The initial implementation of the storage engine stored all data of a given project in the same server, which meant that it was difficult to support large datasets without engineering intervention, and that large and small databases competed for resources on the same Pageserver. 

To overcome this challenge, we implemented storage sharding, which distributes a database’s data across multiple Pageservers, delivering higher storage capacity and throughput. Storage sharding is an important component to achieving Neon’s vision, as it is a stepping stone to achieve bottomless storage.

To developers, storage sharding is invisible and requires no configuration or change in how you develop or deploy your application. This article is for those interested in understanding what Neon storage sharding is, the details of its implementation, and how it allows your applications to scale.

Storage sharding on Neon

Sharding is a type of partitioning that breaks down large databases into smaller parts called shards. In Neon, storage sharding distributes data across multiple physical Pageservers. 

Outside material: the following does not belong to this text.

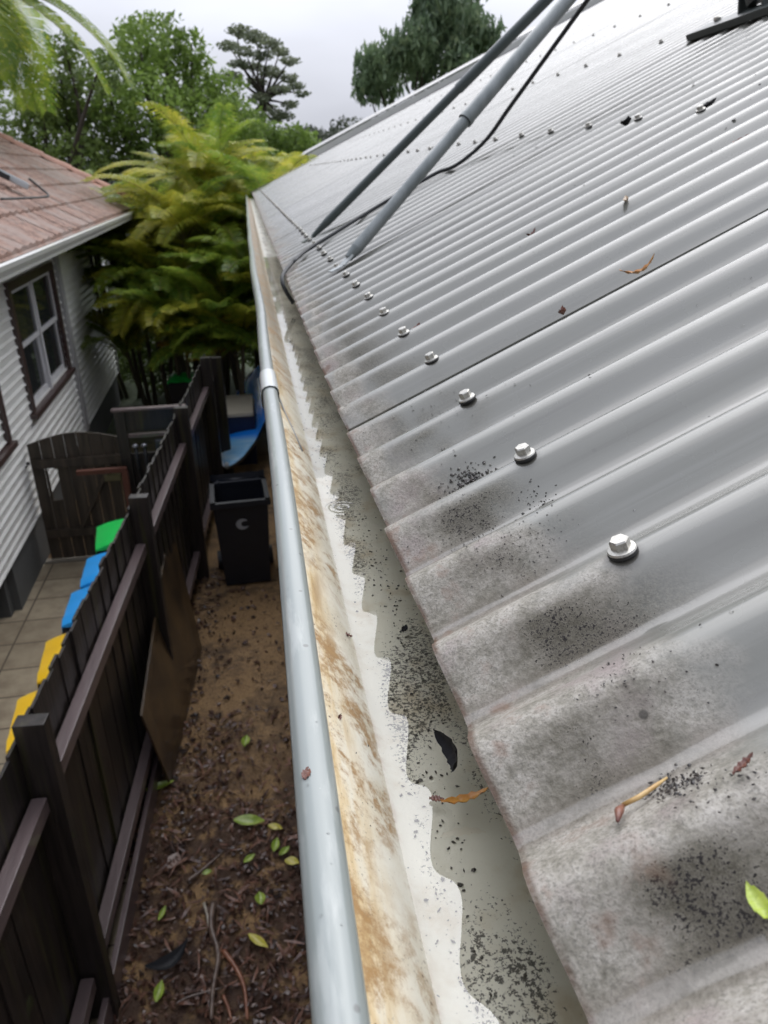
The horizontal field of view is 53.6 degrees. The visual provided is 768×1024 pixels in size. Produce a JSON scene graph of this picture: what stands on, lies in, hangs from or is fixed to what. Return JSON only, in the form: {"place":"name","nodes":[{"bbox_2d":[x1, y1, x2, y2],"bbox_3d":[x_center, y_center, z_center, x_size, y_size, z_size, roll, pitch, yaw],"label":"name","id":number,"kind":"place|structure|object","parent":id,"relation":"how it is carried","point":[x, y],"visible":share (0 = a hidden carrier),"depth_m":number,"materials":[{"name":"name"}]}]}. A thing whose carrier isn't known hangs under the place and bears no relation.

There are several advantages to implementing sharding to Neon, including:

  • Small tenants no longer share Pageservers with huge tenants that would otherwise compete unfairly for system resources.
  • Storage I/O linearly scales with dataset sizes to maintain performance as datasets scale.
  • Maintenance operations, such as cross-Pageserver data migrations, have a lower impact on performance, as we can move smaller pieces at a time.

Small-size databases will likely not observe any difference in performance. Larger datasets, however, can benefit from higher storage capacity and throughput. Sharding shines in the following scenarios:

  1. Applications that need a higher storage capacity.
  2. Read-intensive workloads where the working set is much larger than the Postgres buffer cache.
  3. Large table scans or index builds workloads that do not fit in Postgres RAM and are limited by bandwidth to stream entire datasets from storage.

How we implement storage sharding

The purpose of the Pageserver is to store and quickly reconstruct Postgres pages from the database’s history using the GetPage@LSN function. The Pageserver was built to be multi-tenant, where each tenant represents the data of a Postgres Cluster or Neon Project.


A tenant in Neon terms holds the data of a Postgres instance. When you create a Neon project in the Console, Neon assigns it a project-id (also known as a tenant-id), and the main branch-id, which is referred to as timeline-id. See Operations for more information.

In the diagram below, we show the example of a Pageserver with 2 tenants. The area of the rectangles represents the amount of data a tenant has. The bigger the surface area, the larger the dataset. Also, for simplicity, we assume that each tenant has exactly one table.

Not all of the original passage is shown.